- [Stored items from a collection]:
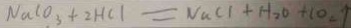
N a C O _ { 3 } + 2 H C L = N a C l + H _ { 2 } O + C O _ { 2 } \uparrow
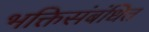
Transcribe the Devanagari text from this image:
भक्तिसंबंधित
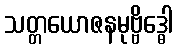
သတ္တယောဇနမုဗ္ဗိဒ္ဓေါ
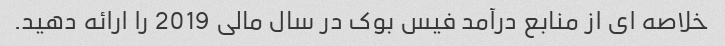
خلاصه ای از منابع درآمد فیس بوک در سال مالی 2019 را ارائه دهید.
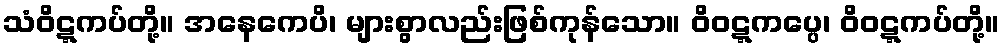
သံဝိဋ္ဋကပ်တို့။ အနေကေပိ၊ များစွာလည်းဖြစ်ကုန်သော။ ဝိဝဋ္ဋကပ္ပေ၊ ဝိဝဋ္ဋကပ်တို့။
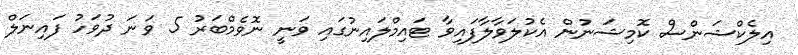
އިލެކްޝަންސް ކޮމިޝަނުން އެކުލަވާލާފައިވާ ޓައިމްލައިނުގައި ވަނީ ނޮވެމްބަރު 5 ވަނަ ދުވަހު ފައިނަލް
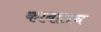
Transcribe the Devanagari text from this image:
काबातच
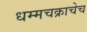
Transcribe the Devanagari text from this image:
धम्मचक्राचेच
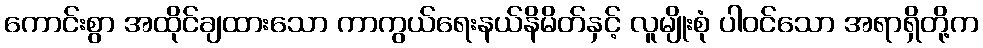
ကောင်းစွာ အထိုင်ချထားသော ကာကွယ်ရေးနယ်နိမိတ်နှင့် လူမျိုးစုံ ပါဝင်သော အရာရှိတို့က
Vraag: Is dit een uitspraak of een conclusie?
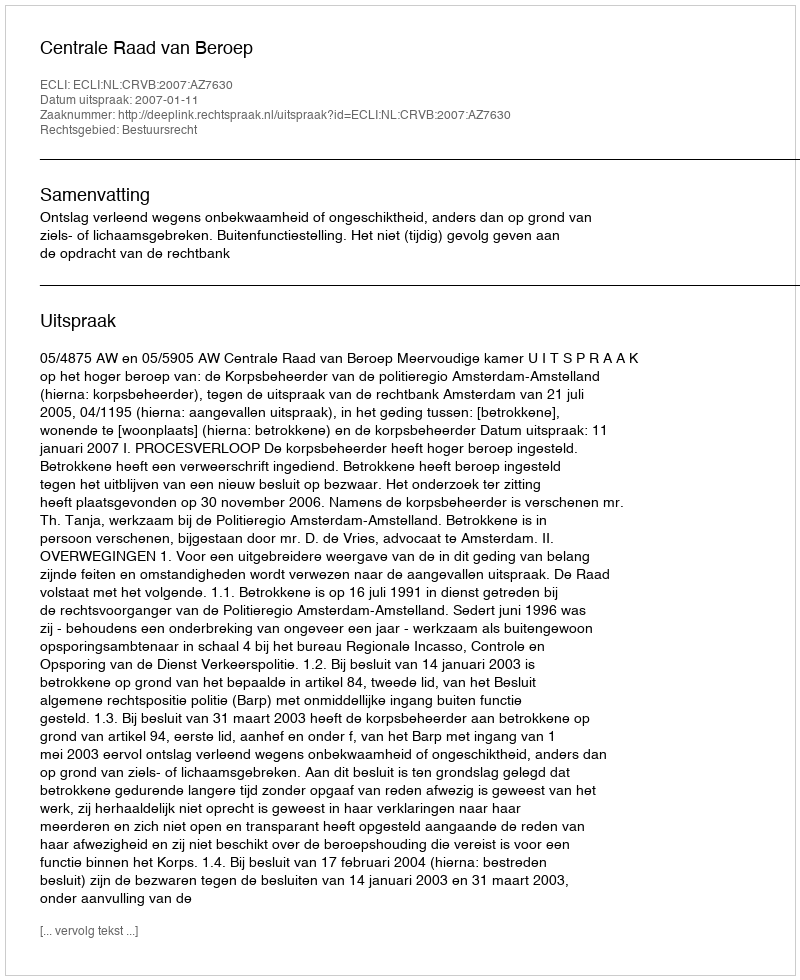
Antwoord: Uitspraak
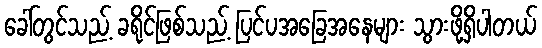
ခေါ်တွင်သည့် ခရိုင်ဖြစ်သည့် ပြင်ပအခြေအနေများ သွားဖို့ရှိပါတယ်
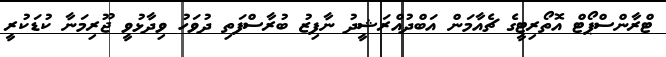
ޓްރާންސްޕޯޓް އޮތޯރިޓީގެ ޗެއާމަން އަބްދުއްރަޝީދު ނާފިޒު ބުރާސްފަތި ދުވަހު ވިދާޅުވީ ޖޫރިމަނާ ކުޑަކުރީ
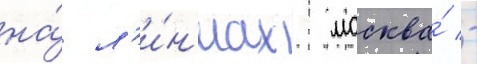
на́ л'и́н'иах москва́ -
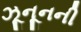
ઝૂનૂનની
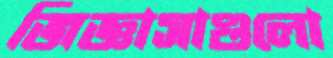
জিজ্ঞাসাগুলো
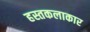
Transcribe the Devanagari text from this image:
हस्तकलाकार
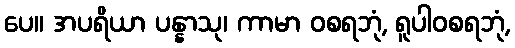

- [Description of the task]: Exactly as they appear, repeat the lines from the one containing "Vraag: Is dit een uitspraak of een conclusie?" through the last line of the entries, counting both ends. Pictures stay out.

- [Response area]:
Vraag: Is dit een uitspraak of een conclusie?
Antwoord: Uitspraak
ခေါ်တွင်သည့် ခရိုင်ဖြစ်သည့် ပြင်ပအခြေအနေများ သွားဖို့ရှိပါတယ်
ޓްރާންސްޕޯޓް އޮތޯރިޓީގެ ޗެއާމަން އަބްދުއްރަޝީދު ނާފިޒު ބުރާސްފަތި ދުވަހު ވިދާޅުވީ ޖޫރިމަނާ ކުޑަކުރީ
на́ л'и́н'иах москва́ -
ઝૂનૂનની
জিজ্ঞাসাগুলো
Transcribe the Devanagari text from this image:
हस्तकलाकार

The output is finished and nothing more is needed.